Dengan adanya permintaan maaf dari Belanda, menurut Bonny sejatinya pemerintah bersikap. Setidaknya pemerintah Indonesia bisa meminta pengakuan kepada Belanda bahwa Indonesia merdeka sejak 17 Agustus 1945.
"Menurut saya soal hubungan dengan Belanda ini harus klir, karena sebelum tahun 1949 Belanda tak mengakui eksistensi Indonesia, sementara kita 17 Agustus 1945 menyatakan telah merdeka. Menurut saya pemerintah mungkin harus klir mengirim pesan ke Belanda, apa yang kita mau," kata dia.
Bukan Khusus untuk Indonesia?
Menurut anggota DPR Fraksi PDIP TB Hasanuddin, pihaknya sudah berkoordinasi dengan Kementerian Luar Negeri RI (Kemlu RI) terkait permintaan maaf Belanda kali ini. Menurutnya, Kemlu tak melihat permintaan tersebut disampaikan secara khusus untuk Indonesia.
"Saya sudah berbicata dengan Staf Kemenlu, bahwa pernyataan Perdana Menteri Belanda tidak secara khusus menyebut Indonesia dalam tulisan yang berbahasa Inggris maupun Belanda, ternyata untuk negara Karibia, sehingga Kemenlu dan Komisi I sepakat itu untuk kepentingan politik dalam negeri Mark Rute itu," kata dia.
Menurut Hasanuddin, pemerintah Indonesia tak bisa sembarangan merespons pernyataan dari pemerintah Belanda. Dia menyebut pemerintah akan merespons jika permintaan maaf dilakukan secara langsung dan khusus.
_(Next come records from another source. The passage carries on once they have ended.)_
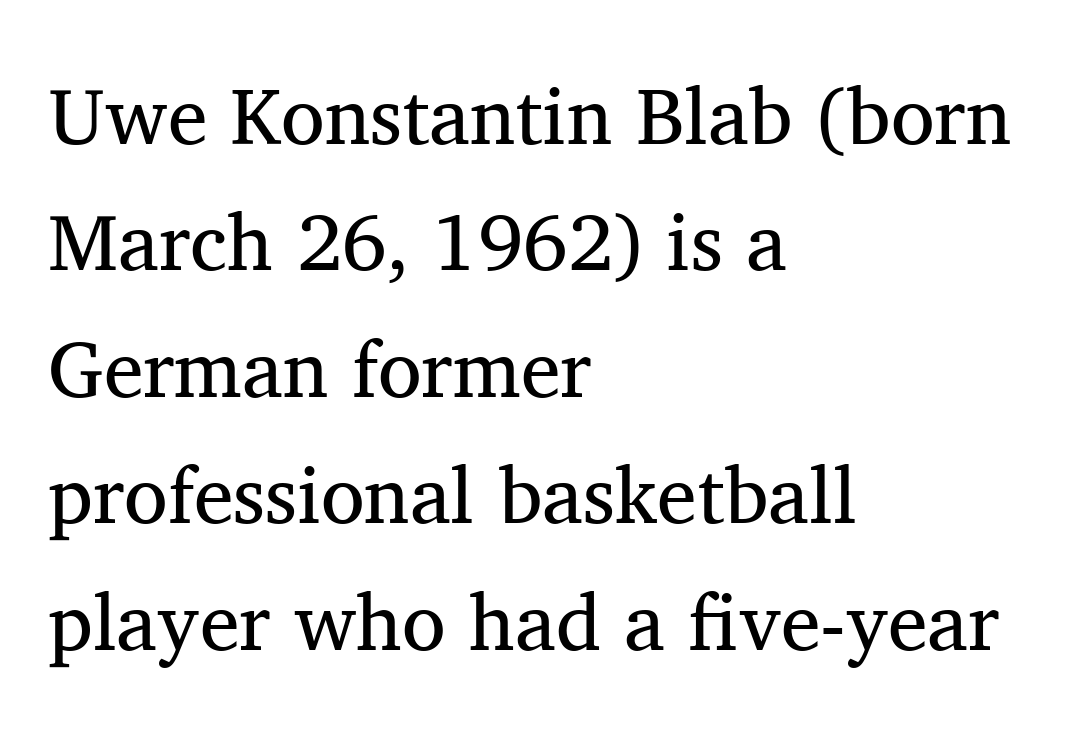
Q: Is the text bold? A: No.
Q: Is the text italic (slanted)? A: No, it is upright.
Q: Is the typeface a serif or a sans-serif typeface? A: Serif.
Q: Is the text underlined? A: No.
Q: How is the paragraph aligned? A: Left-aligned.
Q: Is the spacing between letters normal or unusually wide? A: Normal.
Q: Is the spacing between lines tight, normal or loose? A: Normal.
Q: Width (condensed, normal, or wide)? A: Normal.
Q: Stroke contrast? A: Medium.
Q: x-height? A: Medium.
Q: Monospaced? A: No.
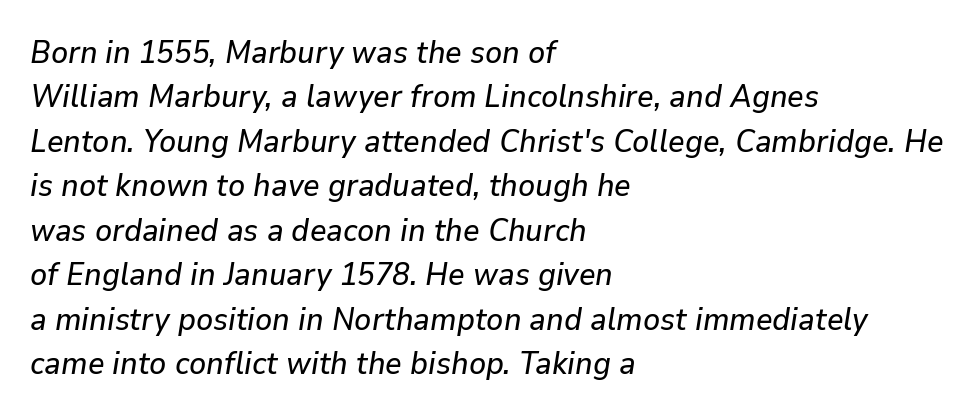
Leftover space on each line is placed entirely after the last word. The face used here is proportionally spaced, like ordinary book or web type. Tracking here is standard; glyphs follow each other at the usual distance. A clean baseline with only descenders dipping below it. The block of text has a typical density, with ordinary space between rows. Italic: yes, the glyphs are oblique.
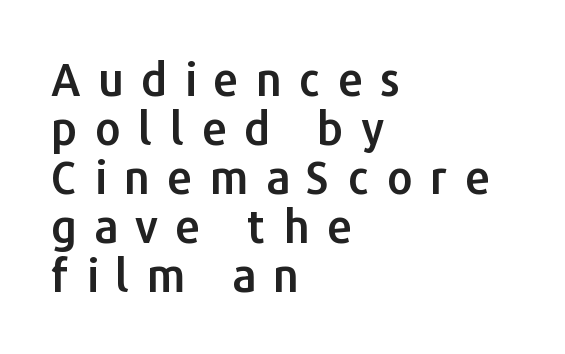
Is this a fixed-width face? No — the glyphs have proportional, varying widths. One glance says dense: line gaps are narrower than usual. Caption: multi-line text, flush left, ragged right. Descenders are the only things crossing below the line.
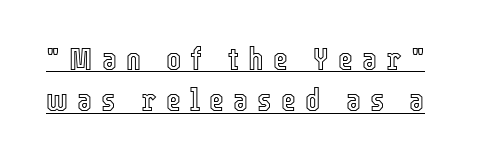
The image shows 32 px condensed type, upright; set normal line spacing (1.29x), unusually wide letter spacing (+0.29 em), underlined; a medium x-height.
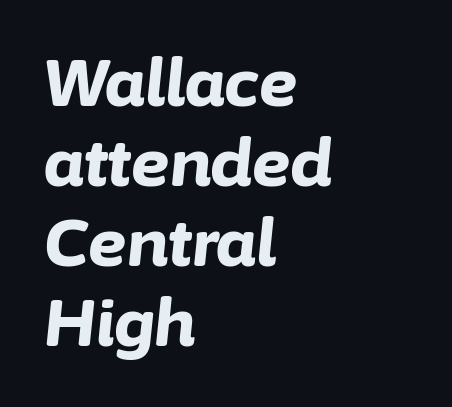
{"italic": "yes", "lean": "right", "slant_degrees": 6, "bold": "yes", "weight": "bold", "width": "normal", "stroke_contrast": "low", "x_height": "medium", "monospaced": "no", "underline": "no", "align": "left", "line_spacing_ratio": 1.23, "letter_spacing": "normal", "letter_spacing_em": 0.0, "glyph_px": 65}

"Kita boleh merespons kalau memang Belanda mengirimkan secara resmi surat pernyataan tersebut," kata dia.
Advertisement
Kaitannya dengan Kapitalisme
Diskusi terkait ini ditutup oleh Direktur Megawati Institute Arif Budimanta. Menurut dia, memang tidak ada yang menyangkal pemerintah Belanda pernah berada di Indonesia. Motifnya yakni ekonomi.
"Kapitalisme kan mencari keuntungan terus menerus, jadi kalau mencari keuntungan yang diperlukan adalah ekspansi terus menerus, baik pasar maupun sumberdaya," kata dia.
Dia menyebut, kapitalisme digerakkan untuk mencari keuntungan atau laba. Menurut dia, keberadaan Belanda di Indonesia yang bermotif ekonomi ini sempat dipaparkan oleh Sukarno alias Bung Karno dalam pleidoinya yang berjudul Indonesia Menggugat.
"Tidak ada yg menyangkal namanya kerajaan Belanda pernah ada di bumi Indonesia, motif utama, ya ekonomi, ini kemudian yang dikritik Bung Karno dalam pleidoinya yang disampaikan di Bandung," kata Arif.
Menurut Arif, pleidoi yang disampaikan Bung Karno jelas memperlihatkan keadaan Bangsa Indonesia saat itu.
"Pidato Bung Karno yang khususnya menggambarkan keadaan Rakyat Indonesia di dalam pleidoi Indonesia Menggugat. Yang menggambarkan bahwa kemerdekaan didapatkan dengan merebut, kemerdekaan dibangun atas dasar keasadaran adanya kesengsaraan sistem kapitalisme yang hanya mengejar laba semata," kata dia.